A detailed investigation of a large family cluster of MERS in Saudi Arabia revealed that those who got sick were more likely to be older and male and have underlying health conditions, and that people who slept in infected patients' rooms and touched their respiratory secretions were more likely to become ill.

The cluster emerged in Jeddah in May 2014, with 19 of 79 family members testing positive for the virus. Researchers from the US Centers for Disease Control and Prevention (CDC) and their Saudi collaborators described the findings Jul 15 in Emerging Infectious Diseases.
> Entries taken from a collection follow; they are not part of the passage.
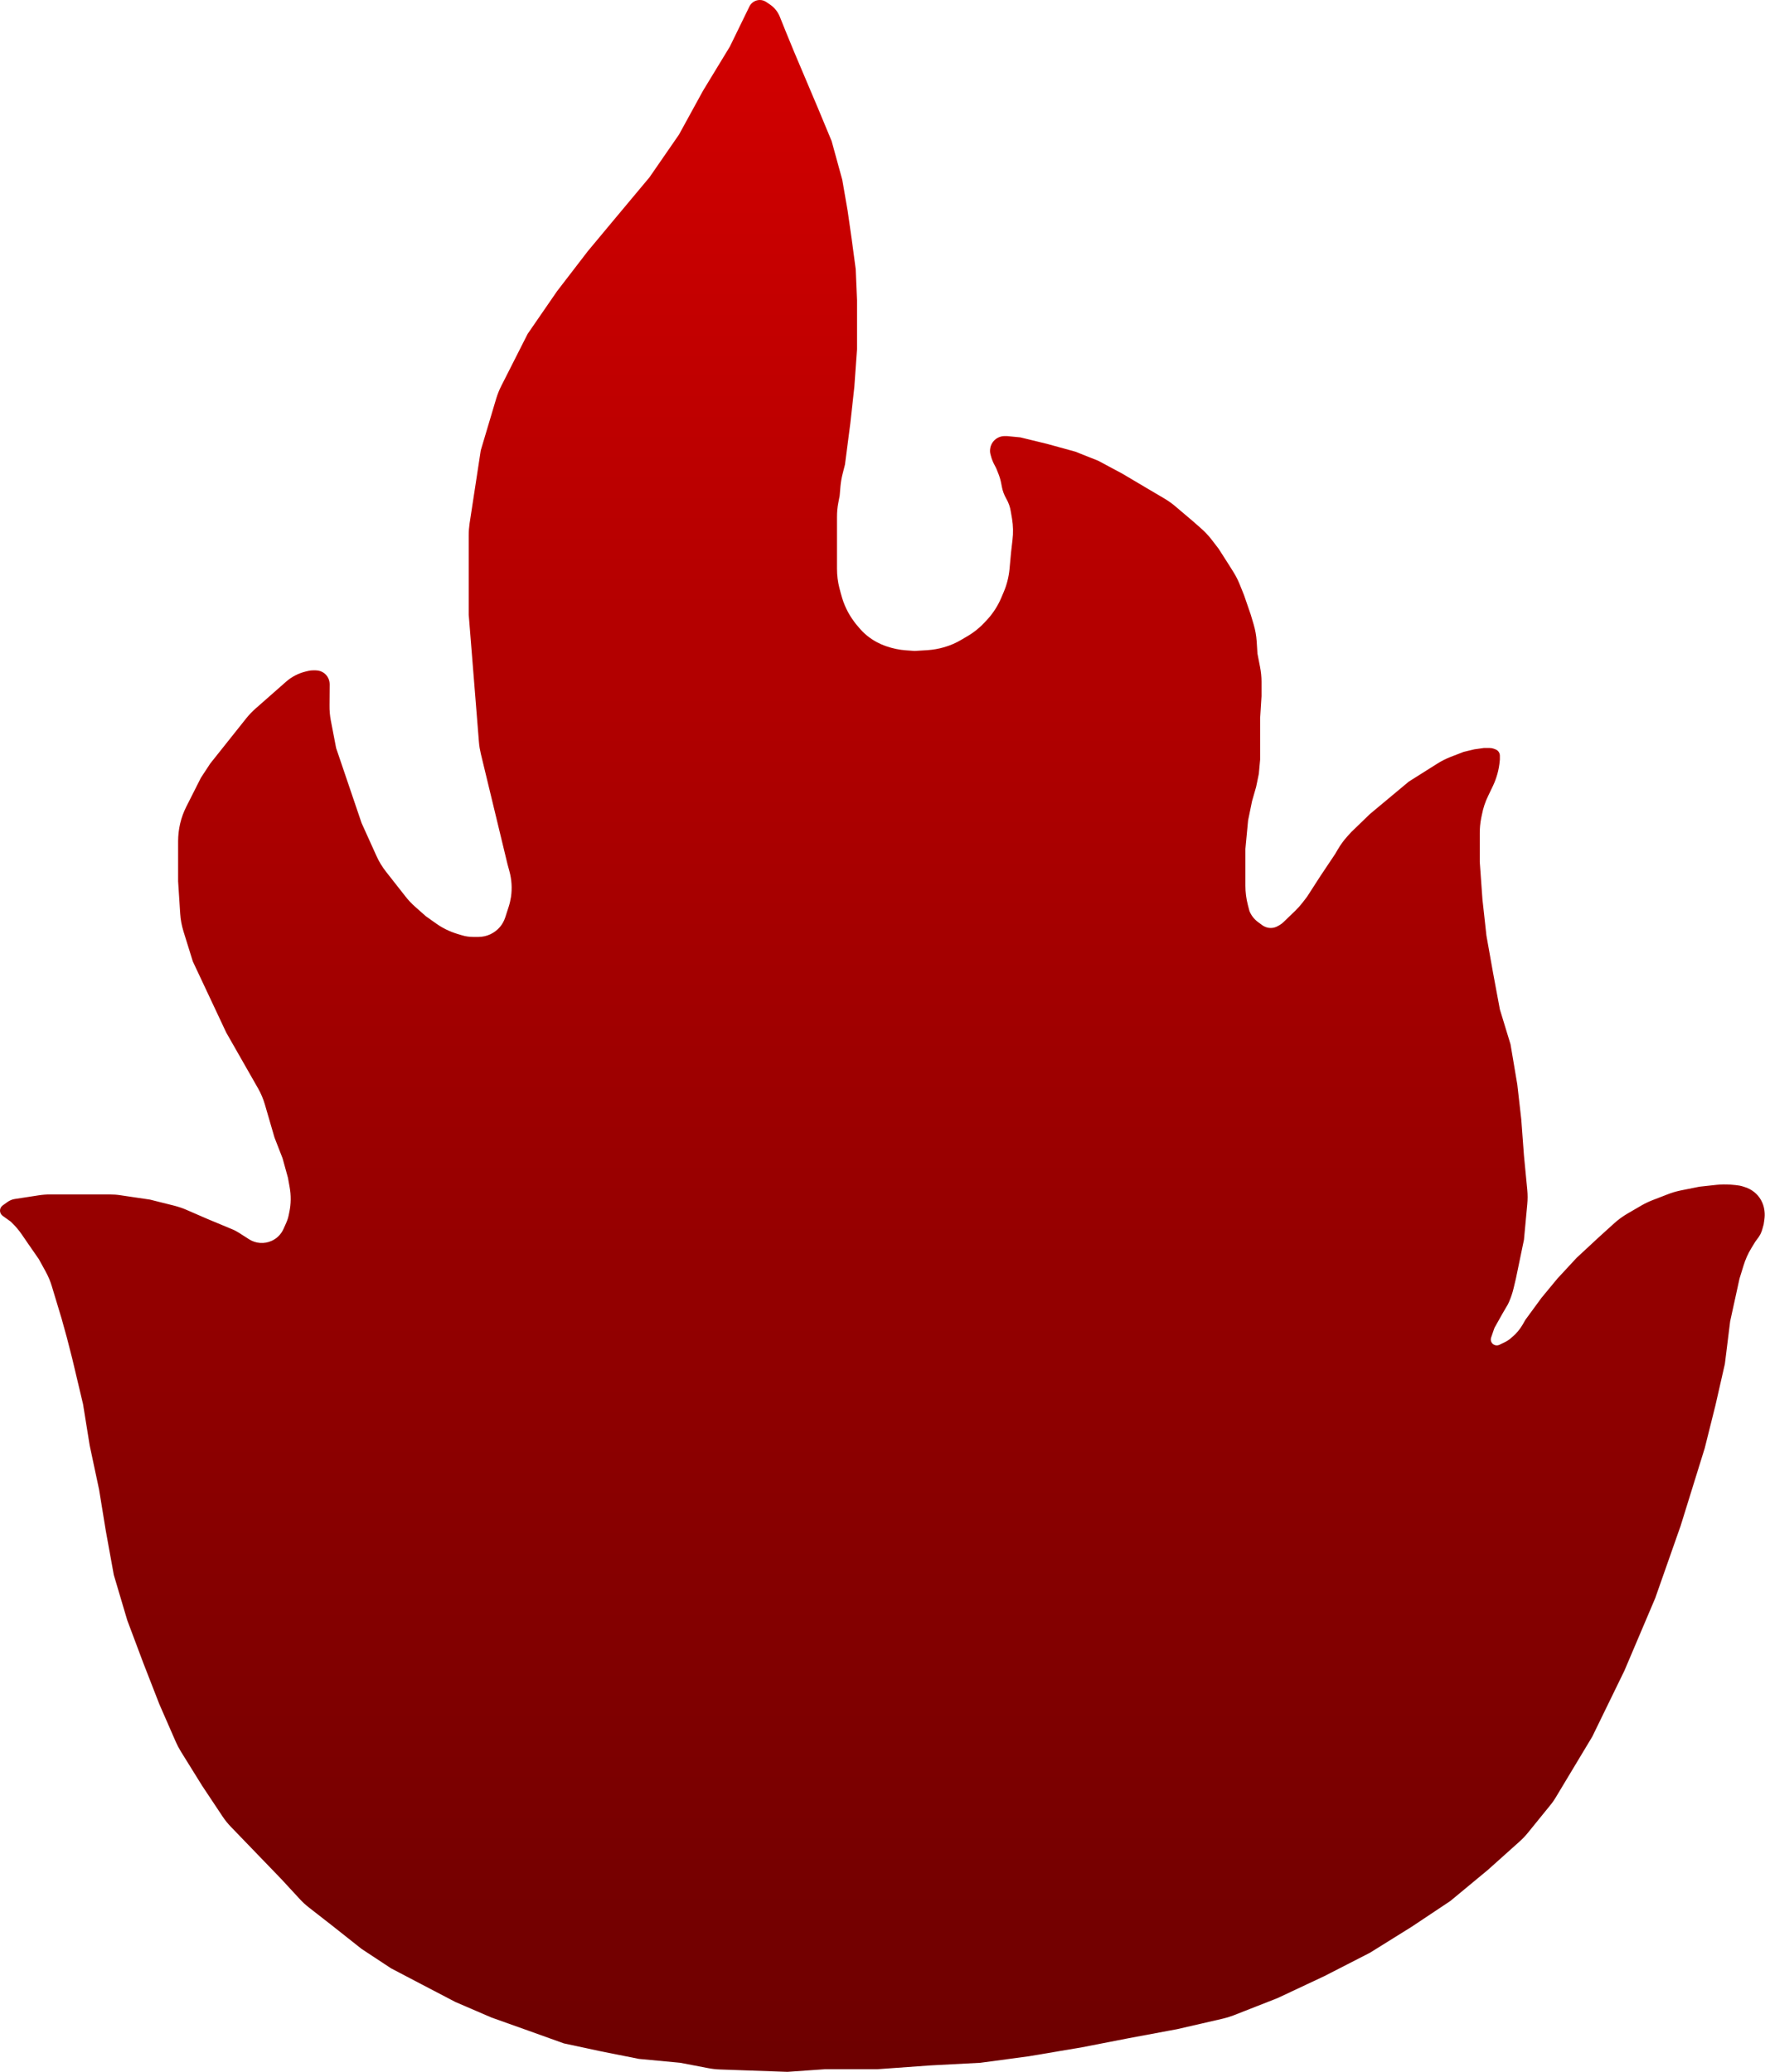 <svg width="23" height="27" viewBox="0 0 23 27" fill="none" xmlns="http://www.w3.org/2000/svg">
<path d="M11.081 5.515L11.011 6.054L10.98 6.176C10.966 6.23 10.957 6.285 10.952 6.34L10.942 6.459L10.924 6.553C10.912 6.614 10.907 6.676 10.907 6.738V6.83V7.066V7.302V7.411C10.907 7.496 10.917 7.58 10.938 7.662L10.959 7.741L10.962 7.751C10.995 7.878 11.052 7.997 11.131 8.102L11.151 8.129L11.19 8.175C11.256 8.256 11.338 8.322 11.431 8.371C11.465 8.389 11.501 8.405 11.538 8.418L11.55 8.422C11.633 8.451 11.719 8.469 11.806 8.475L11.919 8.483L12.084 8.473C12.16 8.468 12.235 8.455 12.308 8.433C12.386 8.41 12.46 8.378 12.53 8.336L12.608 8.29C12.695 8.239 12.773 8.175 12.841 8.1L12.87 8.069C12.945 7.986 13.006 7.89 13.049 7.787L13.08 7.714C13.12 7.62 13.145 7.52 13.155 7.418L13.175 7.201L13.194 7.036C13.205 6.944 13.203 6.851 13.188 6.76L13.172 6.667C13.163 6.607 13.143 6.551 13.113 6.499C13.085 6.45 13.065 6.397 13.055 6.342L13.048 6.305C13.04 6.262 13.028 6.219 13.012 6.178L12.983 6.105L12.947 6.035C12.937 6.014 12.928 5.992 12.921 5.97L12.909 5.928C12.9 5.9 12.899 5.871 12.904 5.842C12.919 5.75 12.999 5.683 13.092 5.683H13.123L13.297 5.7L13.646 5.785L14.013 5.886L14.31 6.004L14.624 6.172L14.938 6.358L15.177 6.499C15.227 6.529 15.274 6.562 15.318 6.6L15.549 6.796L15.649 6.884C15.698 6.927 15.743 6.974 15.783 7.025L15.88 7.151L16.02 7.37L16.078 7.463C16.109 7.513 16.135 7.566 16.157 7.621L16.212 7.758L16.299 8.011L16.337 8.139C16.358 8.211 16.371 8.284 16.376 8.358L16.386 8.517L16.42 8.692C16.432 8.755 16.439 8.819 16.439 8.883V9.073L16.421 9.36V9.63V9.899L16.404 10.085L16.369 10.254L16.316 10.439L16.264 10.692L16.229 11.063V11.451V11.543C16.229 11.627 16.24 11.712 16.261 11.793L16.282 11.873C16.304 11.928 16.341 11.976 16.389 12.013L16.404 12.024L16.45 12.058C16.465 12.069 16.483 12.078 16.502 12.084C16.55 12.1 16.604 12.095 16.648 12.07L16.672 12.057C16.691 12.046 16.708 12.034 16.724 12.018L16.805 11.94L16.876 11.872C16.91 11.839 16.942 11.803 16.971 11.766L17.032 11.687L17.119 11.552L17.206 11.417L17.398 11.13L17.432 11.072C17.468 11.01 17.51 10.952 17.558 10.899L17.608 10.844L17.73 10.726L17.852 10.608L18.358 10.186L18.729 9.952C18.784 9.917 18.842 9.888 18.903 9.864L19.074 9.798L19.213 9.765L19.335 9.748H19.413C19.431 9.748 19.448 9.751 19.465 9.757L19.491 9.767C19.514 9.776 19.532 9.795 19.54 9.819C19.543 9.827 19.545 9.837 19.545 9.846V9.899L19.543 9.919C19.533 10.029 19.504 10.136 19.457 10.237L19.392 10.373C19.354 10.45 19.327 10.533 19.311 10.617L19.301 10.665C19.289 10.728 19.283 10.792 19.283 10.856V11.232L19.318 11.721L19.37 12.193L19.457 12.682L19.545 13.154L19.684 13.61L19.772 14.132L19.824 14.588L19.859 15.06L19.902 15.505C19.908 15.568 19.908 15.632 19.902 15.695L19.859 16.156L19.754 16.662L19.723 16.792C19.709 16.851 19.689 16.909 19.665 16.965L19.649 16.999L19.58 17.117L19.484 17.288C19.478 17.298 19.473 17.308 19.469 17.32L19.431 17.431C19.417 17.472 19.439 17.516 19.48 17.529C19.499 17.536 19.52 17.534 19.538 17.526L19.616 17.488C19.638 17.477 19.659 17.463 19.678 17.448L19.708 17.422C19.762 17.377 19.807 17.322 19.842 17.262L19.876 17.202L20.086 16.915L20.295 16.662L20.545 16.392L20.836 16.122L21.037 15.94C21.089 15.893 21.146 15.852 21.207 15.816L21.396 15.706C21.442 15.68 21.489 15.658 21.538 15.639L21.735 15.563C21.787 15.542 21.841 15.527 21.896 15.515L22.145 15.465L22.366 15.441C22.428 15.434 22.49 15.434 22.553 15.438L22.618 15.444C22.652 15.447 22.684 15.453 22.716 15.463L22.743 15.472C22.829 15.5 22.903 15.559 22.948 15.639C22.971 15.68 22.986 15.725 22.992 15.771L22.993 15.78C22.998 15.817 22.997 15.854 22.992 15.892L22.983 15.954L22.968 16.009C22.955 16.062 22.93 16.11 22.895 16.152C22.884 16.166 22.873 16.181 22.864 16.197L22.82 16.269C22.777 16.34 22.744 16.415 22.72 16.494L22.668 16.662L22.546 17.219L22.477 17.775L22.354 18.315L22.215 18.871L22.058 19.377L21.901 19.883L21.569 20.828L21.168 21.772L20.749 22.632L20.279 23.414C20.255 23.455 20.228 23.494 20.198 23.53L19.909 23.886C19.876 23.927 19.839 23.965 19.8 24L19.388 24.369L18.899 24.774L18.393 25.111L17.852 25.448L17.259 25.752L16.648 26.039L16.072 26.265C16.025 26.283 15.978 26.297 15.93 26.308L15.339 26.444L14.711 26.561L14.1 26.68L13.402 26.798L12.774 26.882L12.128 26.916L11.43 26.966H10.75L10.261 27L9.772 26.983L9.379 26.969C9.327 26.967 9.276 26.961 9.225 26.951L8.865 26.882L8.324 26.831L7.818 26.73L7.347 26.629L6.876 26.46L6.404 26.292L5.933 26.089L5.514 25.87L5.096 25.651L4.712 25.398L4.328 25.094L4.024 24.857C3.982 24.824 3.943 24.788 3.907 24.749L3.665 24.487L3.012 23.81C2.97 23.767 2.932 23.72 2.899 23.67L2.635 23.273L2.358 22.827C2.333 22.787 2.311 22.745 2.292 22.702L2.077 22.21L1.867 21.671L1.658 21.114L1.483 20.524L1.379 19.951L1.291 19.411L1.169 18.838L1.082 18.298L0.942 17.708L0.873 17.438L0.803 17.185L0.737 16.966L0.676 16.764C0.656 16.696 0.628 16.631 0.594 16.569L0.506 16.409L0.366 16.207L0.283 16.086C0.246 16.032 0.203 15.981 0.155 15.935L0.14 15.92L0.034 15.844C0.013 15.828 0 15.803 0 15.777C0 15.75 0.013 15.725 0.034 15.71L0.095 15.666C0.124 15.645 0.158 15.63 0.194 15.625L0.5 15.578C0.55 15.57 0.602 15.566 0.653 15.566H1.03H1.427C1.476 15.566 1.525 15.569 1.574 15.577L1.954 15.633L2.277 15.714C2.329 15.728 2.381 15.745 2.431 15.767L2.705 15.886L3.022 16.018C3.055 16.031 3.086 16.048 3.116 16.067L3.244 16.149C3.332 16.206 3.443 16.214 3.539 16.171C3.609 16.14 3.664 16.084 3.695 16.014L3.729 15.938C3.744 15.904 3.756 15.868 3.763 15.831L3.77 15.797C3.793 15.689 3.794 15.578 3.774 15.469L3.752 15.347L3.682 15.094L3.577 14.824L3.453 14.398C3.431 14.322 3.401 14.25 3.362 14.182L2.949 13.458L2.513 12.53L2.391 12.138C2.368 12.062 2.353 11.985 2.348 11.906L2.321 11.485V10.963C2.321 10.807 2.357 10.653 2.427 10.514L2.618 10.136L2.74 9.95L3.208 9.362C3.245 9.316 3.286 9.273 3.33 9.234L3.73 8.882C3.802 8.819 3.888 8.775 3.98 8.752L4.022 8.742C4.04 8.738 4.058 8.736 4.076 8.736H4.115C4.199 8.736 4.272 8.793 4.291 8.875C4.294 8.889 4.296 8.903 4.296 8.918L4.294 9.194C4.293 9.259 4.299 9.325 4.311 9.389L4.38 9.748L4.712 10.726L4.906 11.155C4.939 11.229 4.981 11.297 5.031 11.361L5.284 11.683C5.321 11.731 5.363 11.775 5.408 11.815L5.549 11.94L5.686 12.037C5.769 12.096 5.861 12.14 5.958 12.17L6.018 12.188C6.066 12.203 6.116 12.21 6.166 12.21H6.234C6.342 12.21 6.445 12.162 6.515 12.08C6.546 12.043 6.569 12.001 6.584 11.955L6.628 11.819C6.642 11.776 6.652 11.732 6.659 11.688C6.675 11.576 6.668 11.462 6.638 11.353L6.614 11.265L6.266 9.824C6.254 9.773 6.245 9.721 6.241 9.669L6.108 8.011V6.973C6.108 6.923 6.112 6.872 6.119 6.823L6.265 5.869L6.466 5.195C6.483 5.139 6.505 5.083 6.532 5.03L6.876 4.351L7.259 3.795L7.661 3.272L8.097 2.749L8.464 2.31L8.848 1.754L9.162 1.181L9.511 0.607L9.766 0.084C9.791 0.033 9.844 0 9.901 0C9.931 0 9.96 0.009 9.985 0.026L10.034 0.059C10.091 0.098 10.135 0.152 10.161 0.216L10.244 0.422L10.348 0.675L10.662 1.417L10.837 1.838L10.976 2.344L11.046 2.749L11.099 3.12L11.151 3.508L11.168 3.913V4.233V4.553L11.133 5.042L11.081 5.515Z" fill="url(#paint0_linear_844_3)"/>
<defs>
<linearGradient id="paint0_linear_844_3" x1="11.5" y1="0" x2="11.5" y2="27" gradientUnits="userSpaceOnUse">
<stop stop-color="#D30000"/>
<stop offset="1" stop-color="#6D0000"/>
</linearGradient>
</defs>
</svg>

Of relatives interviewed and tested, 50 lived in the original four households, 26 were visitors, and 3 were adults from a separate branch of the family tree. Testing done as part of the outbreak response found that 11 were positive on reverse-transcription polymerase chain reaction (RT-PCR) tests and 8 were positive on serology testing. Of the 19 sick people, 11 were hospitalized and 2 died. All 26 of the visitors tested negative on the MERS-CoV (Middle East respiratory syndrome coronavirus) tests.

The researchers found that transmission didn't seem to be linked simply to proximity, but close contact and direct patient care did emerge as risk factors. Only three of the patients were women, all of them wives of sick individuals. The investigators said the low number of infected women might reflect biologic or behavioral differences, such as women socializing separately.

Initial RT-PCR tests were negative for 8 of the 19 patients while they were ill or after exposure was noted. The team said that finding suggests that serology may be more sensitive and should be considered as a testing method in future outbreak investigations.